Items from a data source
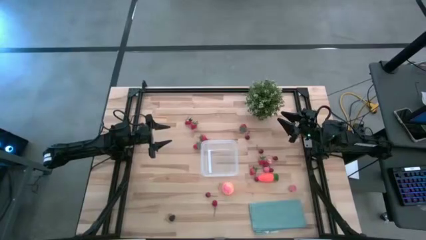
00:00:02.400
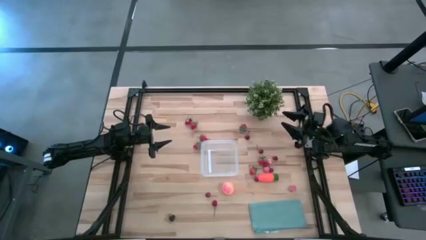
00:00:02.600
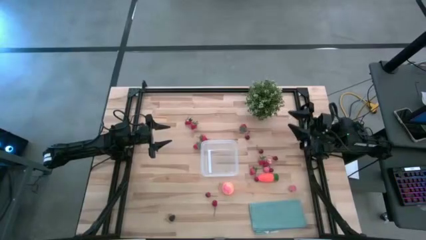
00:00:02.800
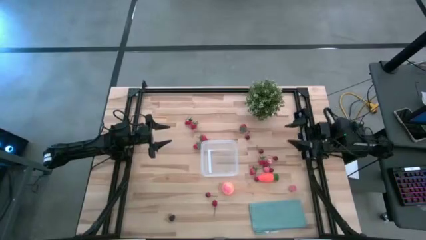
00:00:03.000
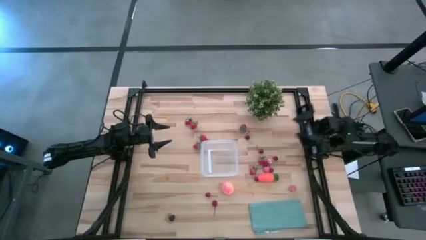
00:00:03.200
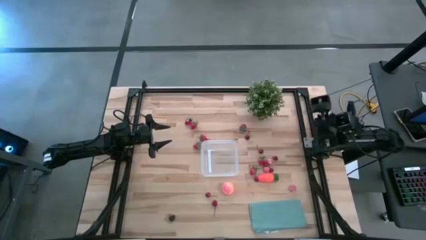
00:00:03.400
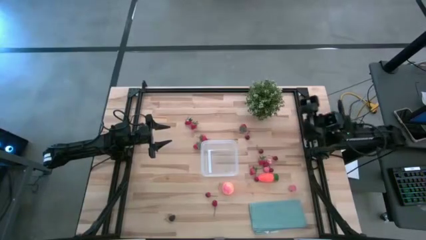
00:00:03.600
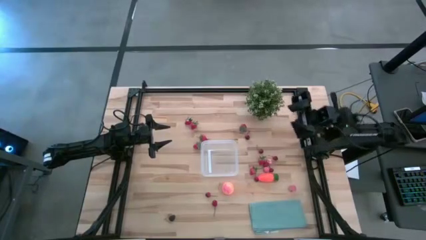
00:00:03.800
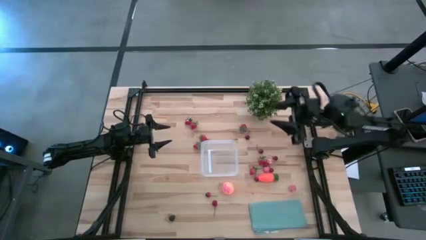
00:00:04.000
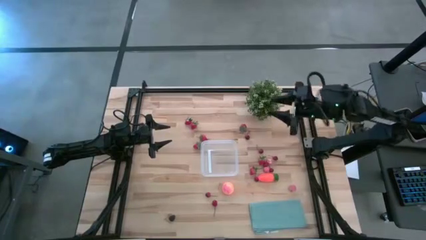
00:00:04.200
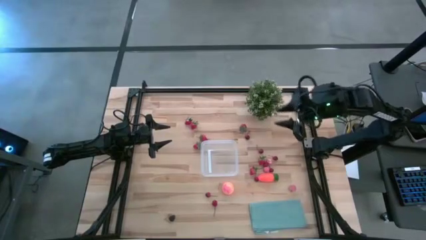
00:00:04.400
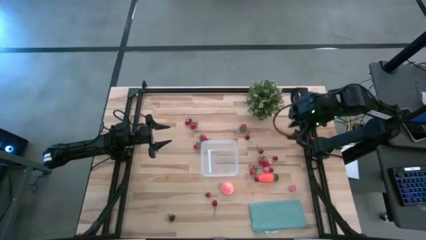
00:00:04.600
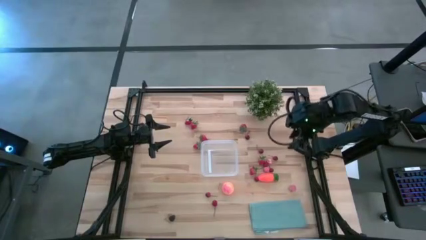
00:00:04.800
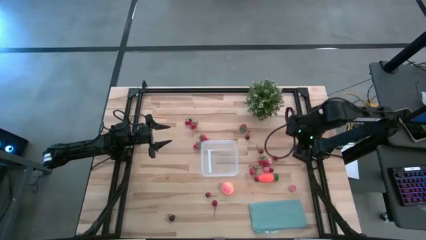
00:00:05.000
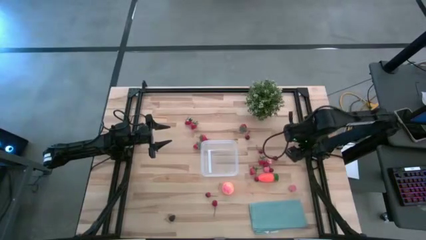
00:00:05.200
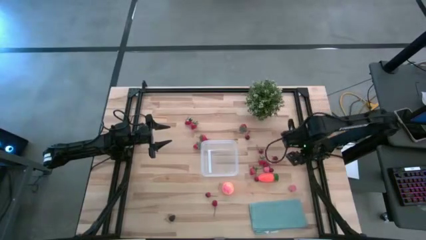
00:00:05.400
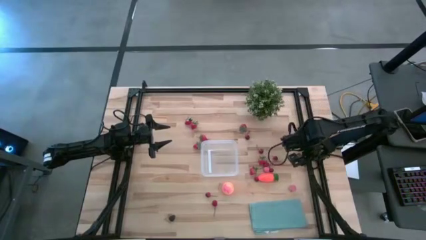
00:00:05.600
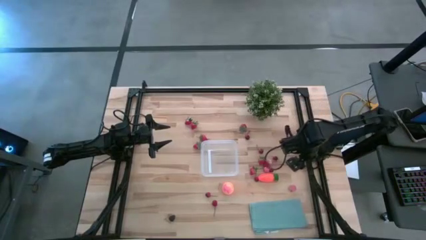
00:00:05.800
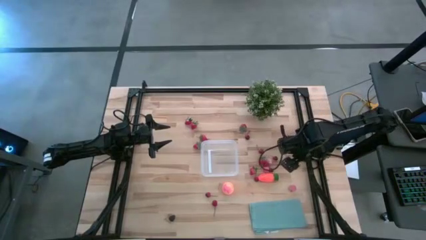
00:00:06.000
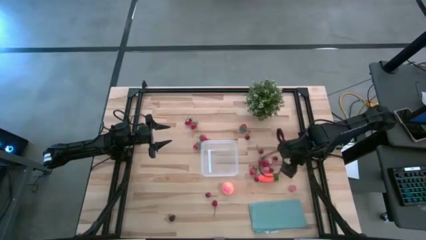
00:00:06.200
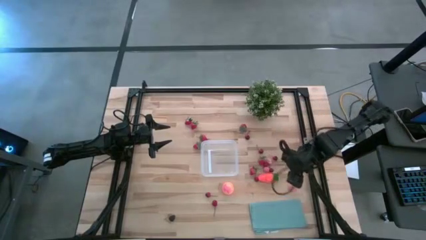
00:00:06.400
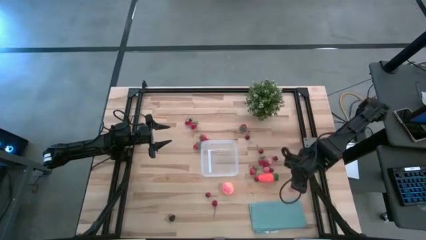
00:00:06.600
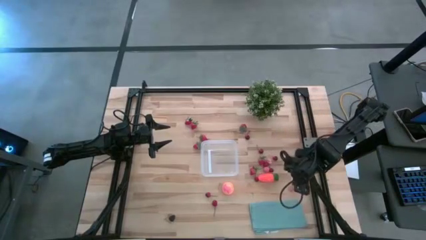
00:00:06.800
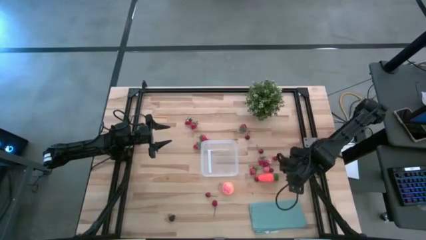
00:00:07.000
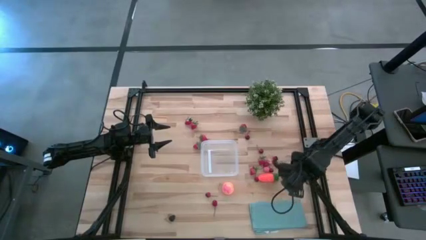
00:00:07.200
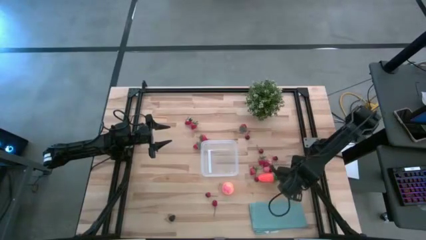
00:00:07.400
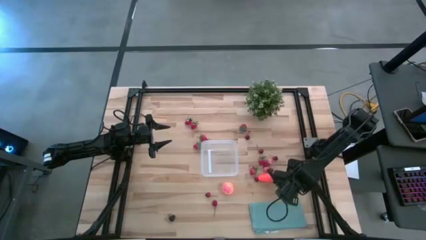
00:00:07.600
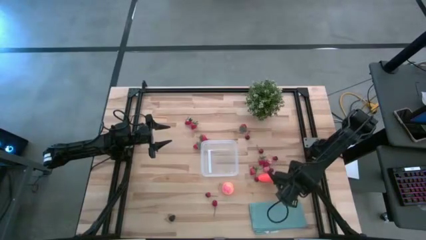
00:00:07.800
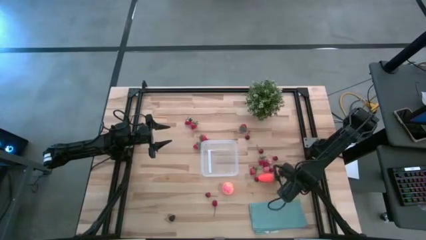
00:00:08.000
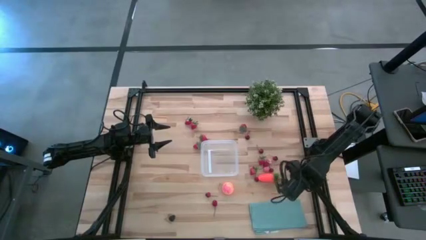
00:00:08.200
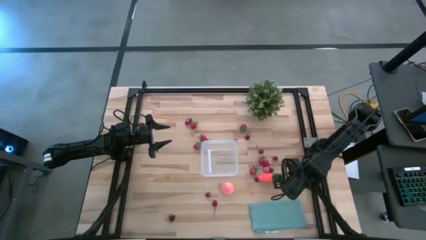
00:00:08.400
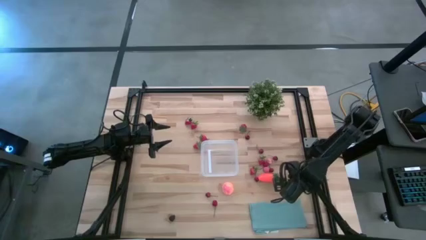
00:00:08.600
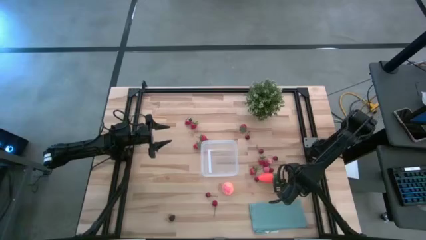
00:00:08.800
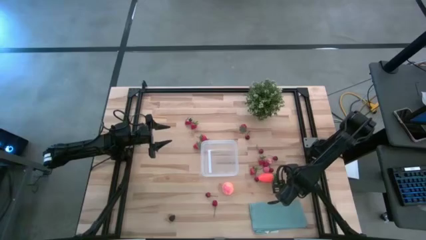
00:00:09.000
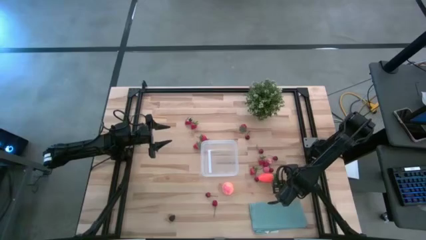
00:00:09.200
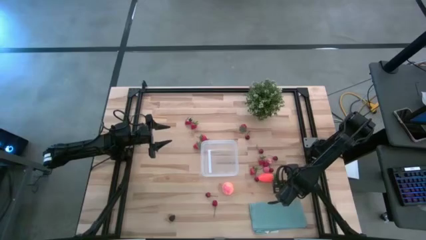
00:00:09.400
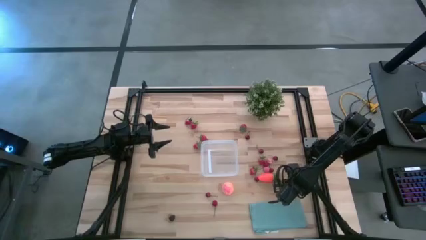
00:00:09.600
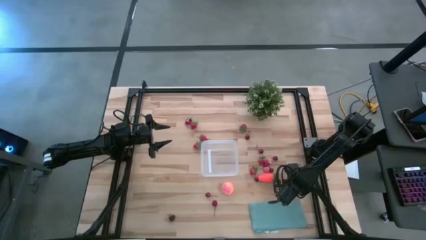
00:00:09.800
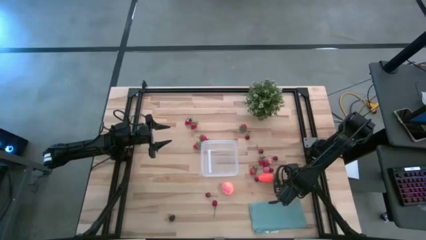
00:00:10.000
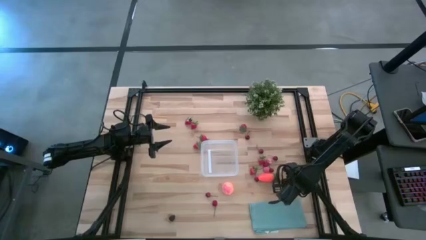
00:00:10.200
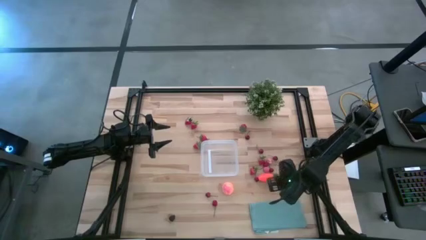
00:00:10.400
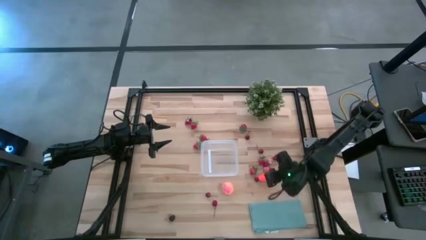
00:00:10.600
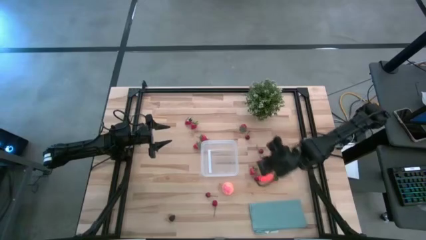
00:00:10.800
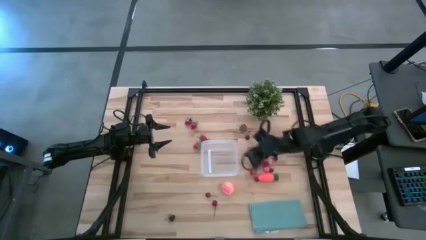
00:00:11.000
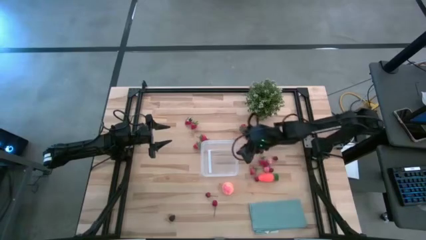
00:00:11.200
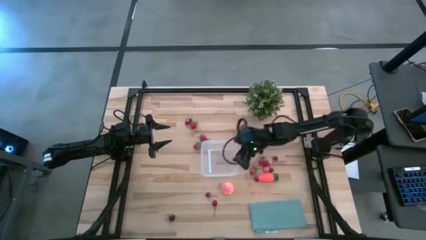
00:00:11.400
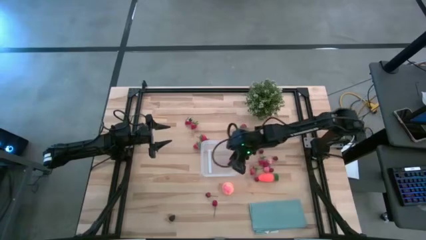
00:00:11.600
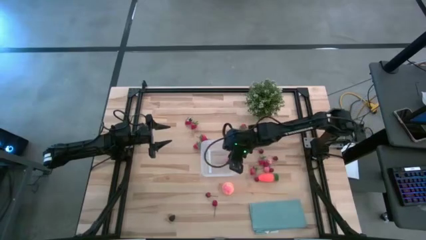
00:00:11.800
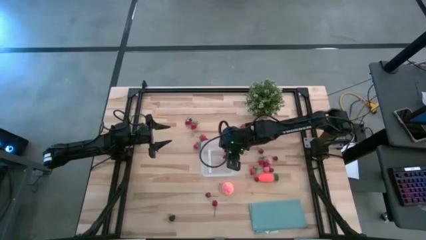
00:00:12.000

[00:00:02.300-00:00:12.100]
Task: Pick and placing Produce into tupperware
Put the peach into the transparent bin

▶ [Exercise requirements]: Restate, word for word, each line from the one with "00:00:11.000" to the end of the entries, both included, and keep every picture out.

▶ [Task response]:
00:00:11.000
00:00:11.200
00:00:11.400
00:00:11.600
00:00:11.800
00:00:12.000

[00:00:02.300-00:00:12.100]
Task: Pick and placing Produce into tupperware
Put the peach into the transparent bin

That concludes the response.